I remember reading the 2011 Wired article about the Silk Road and its place at the forefront of the anonymous, untraceable world of buying and selling drugs on the internet. What I didn’t know is how is all came crashing down just over two years later. For nearly three years one man’s dream of a libertarian oasis (yuck) where the government couldn’t decide for you what was or wasn’t legal to ingest grew into a behemoth of a sales place that specialized in the things you couldn’t find anywhere else. The problem was that dogged investigators found a way to trace what was thought to be untraceable (oh how little mistakes along the way will catch up with you) and unmask the anonymous. They also managed to be shit at their jobs along the way and several of them committed crimes just because they could.

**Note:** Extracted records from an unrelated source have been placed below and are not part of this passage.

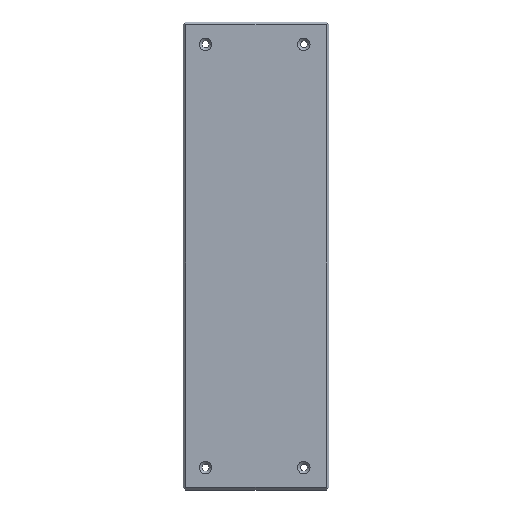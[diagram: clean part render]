
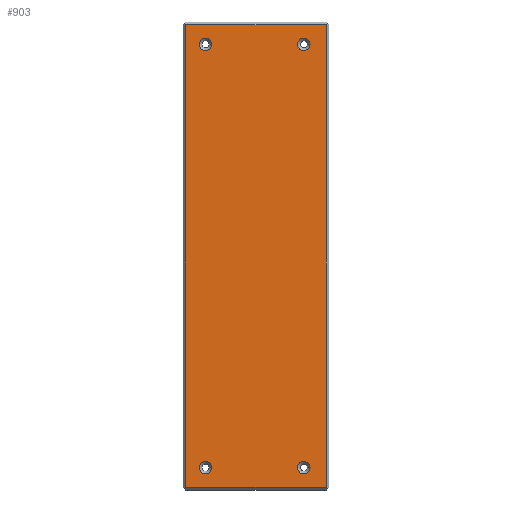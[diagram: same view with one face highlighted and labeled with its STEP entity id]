
A CAD part, top view. The second image highlights one B-rep face of the part: STEP entity #903.
In plain terms, the highlighted planar face has unit normal (0, 0, 1).
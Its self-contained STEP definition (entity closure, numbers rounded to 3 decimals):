
#9 = EDGE_LOOP ( 'NONE', ( #621, #1071, #362, #792 ) ) ;
#12 = CARTESIAN_POINT ( 'NONE',  ( 1., -1., 4. ) ) ;
#16 = DIRECTION ( 'NONE',  ( -1., 0., 0. ) ) ;
#18 = DIRECTION ( 'NONE',  ( 0., 0., -1. ) ) ;
#28 = CARTESIAN_POINT ( 'NONE',  ( 8.6, -8.6, 4. ) ) ;
#33 = VERTEX_POINT ( 'NONE', #275 ) ;
#38 = EDGE_CURVE ( 'NONE', #41, #220, #979, .T. ) ;
#41 = VERTEX_POINT ( 'NONE', #89 ) ;
#55 = DIRECTION ( 'NONE',  ( 0., 0., -1. ) ) ;
#65 = EDGE_CURVE ( 'NONE', #1024, #876, #437, .T. ) ;
#70 = DIRECTION ( 'NONE',  ( -1., 0., 0. ) ) ;
#82 = ORIENTED_EDGE ( 'NONE', *, *, #1099, .T. ) ;
#89 = CARTESIAN_POINT ( 'NONE',  ( 11., -8.6, 4. ) ) ;
#99 = VERTEX_POINT ( 'NONE', #104 ) ;
#104 = CARTESIAN_POINT ( 'NONE',  ( 48.8, -171.4, 4. ) ) ;
#109 = CIRCLE ( 'NONE', #567, 2.4 ) ;
#134 = EDGE_CURVE ( 'NONE', #686, #475, #143, .T. ) ;
#136 = EDGE_LOOP ( 'NONE', ( #779, #82 ) ) ;
#137 = CARTESIAN_POINT ( 'NONE',  ( 46.4, -8.6, 4. ) ) ;
#143 = LINE ( 'NONE', #906, #332 ) ;
#157 = LINE ( 'NONE', #169, #1050 ) ;
#162 = DIRECTION ( 'NONE',  ( 0., 1., 0. ) ) ;
#164 = AXIS2_PLACEMENT_3D ( 'NONE', #831, #55, #835 ) ;
#169 = CARTESIAN_POINT ( 'NONE',  ( 55., 0., 4. ) ) ;
#185 = DIRECTION ( 'NONE',  ( -1., 0., 0. ) ) ;
#199 = CARTESIAN_POINT ( 'NONE',  ( 0., -1., 4. ) ) ;
#202 = AXIS2_PLACEMENT_3D ( 'NONE', #28, #287, #615 ) ;
#208 = ORIENTED_EDGE ( 'NONE', *, *, #431, .T. ) ;
#220 = VERTEX_POINT ( 'NONE', #814 ) ;
#246 = DIRECTION ( 'NONE',  ( 0., -1., 0. ) ) ;
#251 = VERTEX_POINT ( 'NONE', #999 ) ;
#252 = CIRCLE ( 'NONE', #358, 2.4 ) ;
#262 = AXIS2_PLACEMENT_3D ( 'NONE', #137, #647, #984 ) ;
#263 = DIRECTION ( 'NONE',  ( -1., 0., 0. ) ) ;
#273 = ORIENTED_EDGE ( 'NONE', *, *, #505, .T. ) ;
#275 = CARTESIAN_POINT ( 'NONE',  ( 55., -1., 4. ) ) ;
#287 = DIRECTION ( 'NONE',  ( 0., 0., -1. ) ) ;
#307 = CARTESIAN_POINT ( 'NONE',  ( 8.6, -8.6, 4. ) ) ;
#323 = AXIS2_PLACEMENT_3D ( 'NONE', #435, #18, #629 ) ;
#327 = EDGE_CURVE ( 'NONE', #475, #33, #157, .T. ) ;
#332 = VECTOR ( 'NONE', #981, 1000. ) ;
#346 = ORIENTED_EDGE ( 'NONE', *, *, #65, .T. ) ;
#358 = AXIS2_PLACEMENT_3D ( 'NONE', #544, #873, #16 ) ;
#359 = CARTESIAN_POINT ( 'NONE',  ( 46.4, -171.4, 4. ) ) ;
#362 = ORIENTED_EDGE ( 'NONE', *, *, #982, .T. ) ;
#387 = VERTEX_POINT ( 'NONE', #12 ) ;
#395 = AXIS2_PLACEMENT_3D ( 'NONE', #307, #974, #895 ) ;
#408 = FACE_BOUND ( 'NONE', #136, .T. ) ;
#414 = FACE_BOUND ( 'NONE', #562, .T. ) ;
#431 = EDGE_CURVE ( 'NONE', #860, #482, #1064, .T. ) ;
#435 = CARTESIAN_POINT ( 'NONE',  ( 8.6, -171.4, 4. ) ) ;
#437 = CIRCLE ( 'NONE', #908, 2.4 ) ;
#442 = EDGE_CURVE ( 'NONE', #33, #387, #446, .T. ) ;
#446 = LINE ( 'NONE', #199, #1017 ) ;
#466 = EDGE_LOOP ( 'NONE', ( #568, #784 ) ) ;
#475 = VERTEX_POINT ( 'NONE', #618 ) ;
#482 = VERTEX_POINT ( 'NONE', #859 ) ;
#487 = EDGE_CURVE ( 'NONE', #99, #251, #796, .T. ) ;
#491 = CARTESIAN_POINT ( 'NONE',  ( 1., 0., 4. ) ) ;
#501 = FACE_BOUND ( 'NONE', #786, .T. ) ;
#505 = EDGE_CURVE ( 'NONE', #876, #1024, #846, .T. ) ;
#519 = CARTESIAN_POINT ( 'NONE',  ( 1., -179., 4. ) ) ;
#544 = CARTESIAN_POINT ( 'NONE',  ( 8.6, -171.4, 4. ) ) ;
#557 = AXIS2_PLACEMENT_3D ( 'NONE', #359, #941, #185 ) ;
#562 = EDGE_LOOP ( 'NONE', ( #273, #346 ) ) ;
#567 = AXIS2_PLACEMENT_3D ( 'NONE', #749, #1070, #70 ) ;
#568 = ORIENTED_EDGE ( 'NONE', *, *, #487, .T. ) ;
#615 = DIRECTION ( 'NONE',  ( -1., 0., 0. ) ) ;
#618 = CARTESIAN_POINT ( 'NONE',  ( 55., -179., 4. ) ) ;
#621 = ORIENTED_EDGE ( 'NONE', *, *, #327, .T. ) ;
#629 = DIRECTION ( 'NONE',  ( -1., 0., 0. ) ) ;
#632 = CARTESIAN_POINT ( 'NONE',  ( 48.8, -8.6, 4. ) ) ;
#647 = DIRECTION ( 'NONE',  ( 0., 0., -1. ) ) ;
#676 = CIRCLE ( 'NONE', #395, 2.4 ) ;
#686 = VERTEX_POINT ( 'NONE', #519 ) ;
#749 = CARTESIAN_POINT ( 'NONE',  ( 46.4, -171.4, 4. ) ) ;
#755 = VECTOR ( 'NONE', #246, 1000. ) ;
#760 = EDGE_CURVE ( 'NONE', #482, #860, #252, .T. ) ;
#779 = ORIENTED_EDGE ( 'NONE', *, *, #38, .T. ) ;
#784 = ORIENTED_EDGE ( 'NONE', *, *, #910, .T. ) ;
#786 = EDGE_LOOP ( 'NONE', ( #862, #208 ) ) ;
#792 = ORIENTED_EDGE ( 'NONE', *, *, #134, .T. ) ;
#796 = CIRCLE ( 'NONE', #557, 2.4 ) ;
#814 = CARTESIAN_POINT ( 'NONE',  ( 6.2, -8.6, 4. ) ) ;
#831 = CARTESIAN_POINT ( 'NONE',  ( 0., 0., 4. ) ) ;
#835 = DIRECTION ( 'NONE',  ( -1., 0., 0. ) ) ;
#846 = CIRCLE ( 'NONE', #262, 2.4 ) ;
#852 = DIRECTION ( 'NONE',  ( -1., 0., 0. ) ) ;
#856 = CARTESIAN_POINT ( 'NONE',  ( 44., -8.6, 4. ) ) ;
#859 = CARTESIAN_POINT ( 'NONE',  ( 11., -171.4, 4. ) ) ;
#860 = VERTEX_POINT ( 'NONE', #1054 ) ;
#862 = ORIENTED_EDGE ( 'NONE', *, *, #760, .T. ) ;
#873 = DIRECTION ( 'NONE',  ( 0., 0., -1. ) ) ;
#876 = VERTEX_POINT ( 'NONE', #632 ) ;
#895 = DIRECTION ( 'NONE',  ( -1., 0., 0. ) ) ;
#901 = PLANE ( 'NONE',  #164 ) ;
#903 = ADVANCED_FACE ( 'NONE', ( #414, #408, #501, #983, #992 ), #901, .F. ) ;
#906 = CARTESIAN_POINT ( 'NONE',  ( 0., -179., 4. ) ) ;
#908 = AXIS2_PLACEMENT_3D ( 'NONE', #1016, #943, #263 ) ;
#910 = EDGE_CURVE ( 'NONE', #251, #99, #109, .T. ) ;
#941 = DIRECTION ( 'NONE',  ( 0., 0., -1. ) ) ;
#943 = DIRECTION ( 'NONE',  ( 0., 0., -1. ) ) ;
#974 = DIRECTION ( 'NONE',  ( 0., 0., -1. ) ) ;
#979 = CIRCLE ( 'NONE', #202, 2.4 ) ;
#981 = DIRECTION ( 'NONE',  ( 1., 0., 0. ) ) ;
#982 = EDGE_CURVE ( 'NONE', #387, #686, #1085, .T. ) ;
#983 = FACE_BOUND ( 'NONE', #466, .T. ) ;
#984 = DIRECTION ( 'NONE',  ( -1., 0., 0. ) ) ;
#992 = FACE_OUTER_BOUND ( 'NONE', #9, .T. ) ;
#999 = CARTESIAN_POINT ( 'NONE',  ( 44., -171.4, 4. ) ) ;
#1016 = CARTESIAN_POINT ( 'NONE',  ( 46.4, -8.6, 4. ) ) ;
#1017 = VECTOR ( 'NONE', #852, 1000. ) ;
#1024 = VERTEX_POINT ( 'NONE', #856 ) ;
#1050 = VECTOR ( 'NONE', #162, 1000. ) ;
#1054 = CARTESIAN_POINT ( 'NONE',  ( 6.2, -171.4, 4. ) ) ;
#1064 = CIRCLE ( 'NONE', #323, 2.4 ) ;
#1070 = DIRECTION ( 'NONE',  ( 0., 0., -1. ) ) ;
#1071 = ORIENTED_EDGE ( 'NONE', *, *, #442, .T. ) ;
#1085 = LINE ( 'NONE', #491, #755 ) ;
#1099 = EDGE_CURVE ( 'NONE', #220, #41, #676, .T. ) ;

The thing I found most fascinating about this story was the tracing of one relatively small idea (in this case the argument for the legalization of narcotics leading to the idea of providing a place to demonstrate how the open market would work in order to force the government’s hand) can quickly grow into a monster when the person committed to the idea goes a bit megalomaniacal. I’ve seen comparisons between this story and that encapsulated in Bad Blood and as a study of white privilege run amok that tracks but what this story has which that one doesn’t is the interior view. The reader of American Kingpin is given access to the thought processes of the mastermind from documents that he wrote only for himself. Cue Stringer Bell.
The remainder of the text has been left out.